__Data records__

········

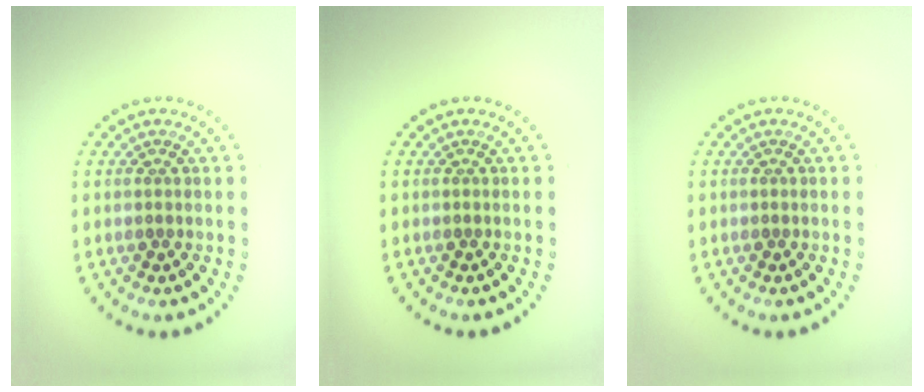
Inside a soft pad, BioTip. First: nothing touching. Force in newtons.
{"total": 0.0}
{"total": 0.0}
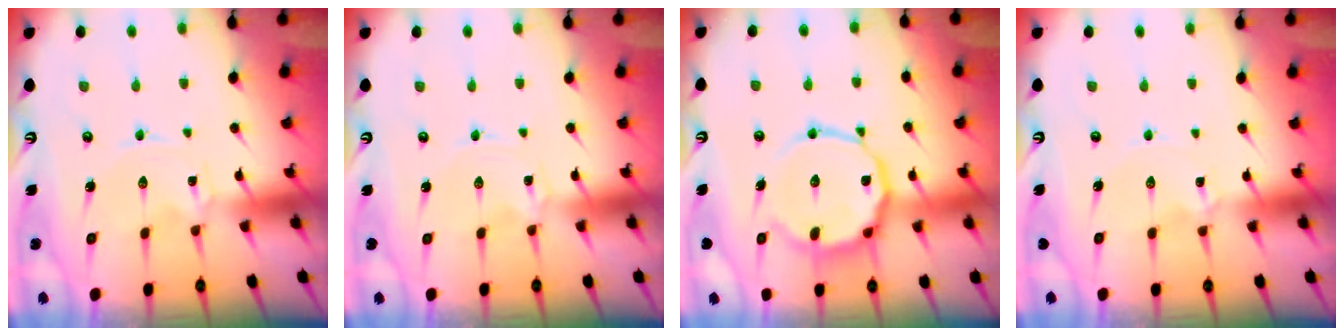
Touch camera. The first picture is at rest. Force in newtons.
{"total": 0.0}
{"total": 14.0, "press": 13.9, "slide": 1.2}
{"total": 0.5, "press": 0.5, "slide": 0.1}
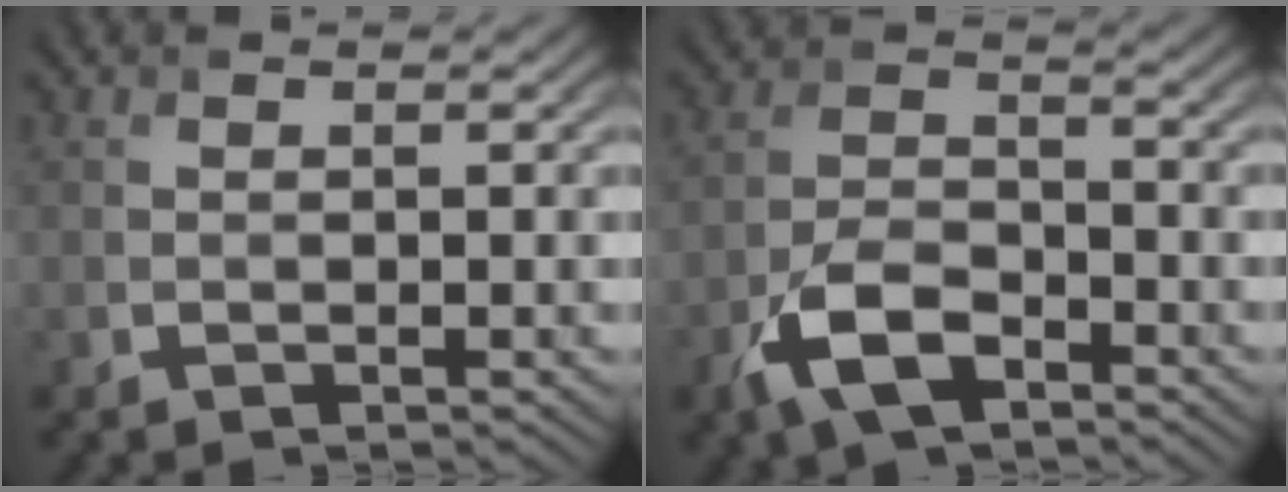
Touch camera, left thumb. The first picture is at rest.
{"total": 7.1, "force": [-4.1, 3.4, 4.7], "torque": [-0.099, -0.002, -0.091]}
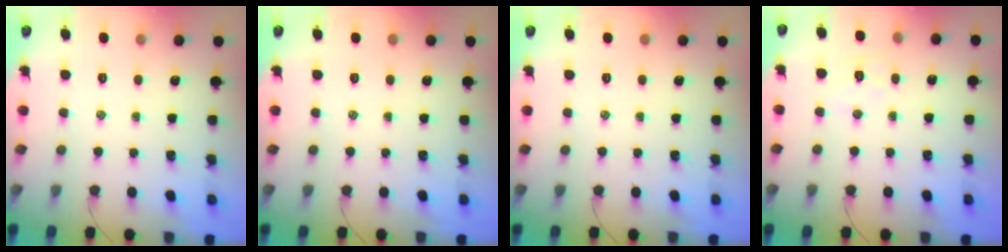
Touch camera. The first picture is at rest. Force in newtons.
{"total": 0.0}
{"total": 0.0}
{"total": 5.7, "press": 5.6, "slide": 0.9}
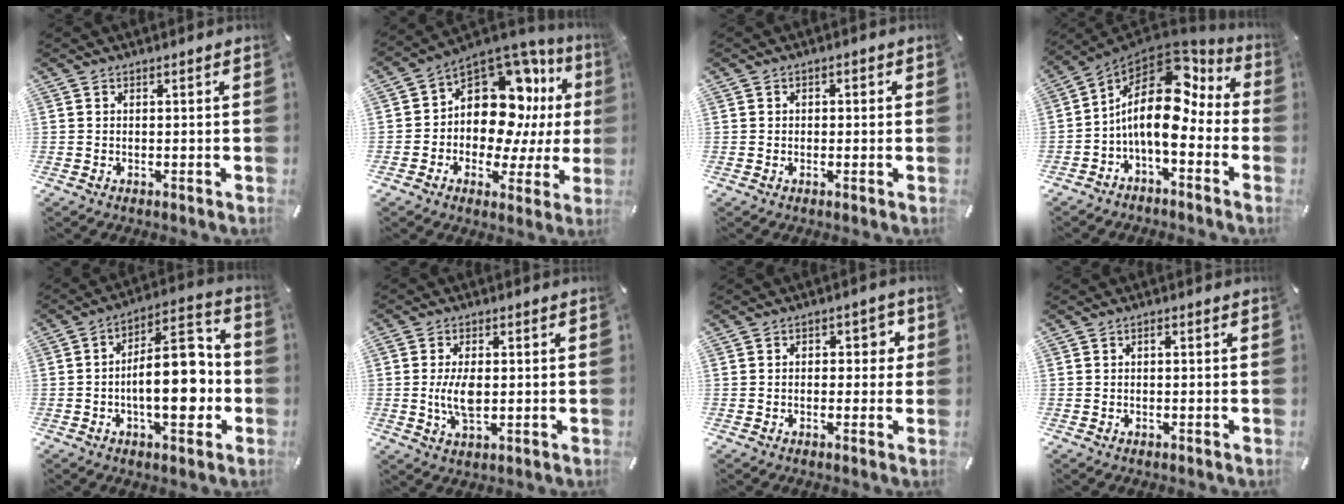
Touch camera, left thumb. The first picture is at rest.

········

__WORK ORDER__
Transcribe the data exactly and leave no picture in the copy.

__OUTPUT OF THE TASK__
Inside a soft pad, BioTip. First: nothing touching. Force in newtons.
{"total": 0.0}
{"total": 0.0}
Touch camera. The first picture is at rest. Force in newtons.
{"total": 0.0}
{"total": 14.0, "press": 13.9, "slide": 1.2}
{"total": 0.5, "press": 0.5, "slide": 0.1}
Touch camera, left thumb. The first picture is at rest.
{"total": 7.1, "force": [-4.1, 3.4, 4.7], "torque": [-0.099, -0.002, -0.091]}
Touch camera. The first picture is at rest. Force in newtons.
{"total": 0.0}
{"total": 0.0}
{"total": 5.7, "press": 5.6, "slide": 0.9}
Touch camera, left thumb. The first picture is at rest.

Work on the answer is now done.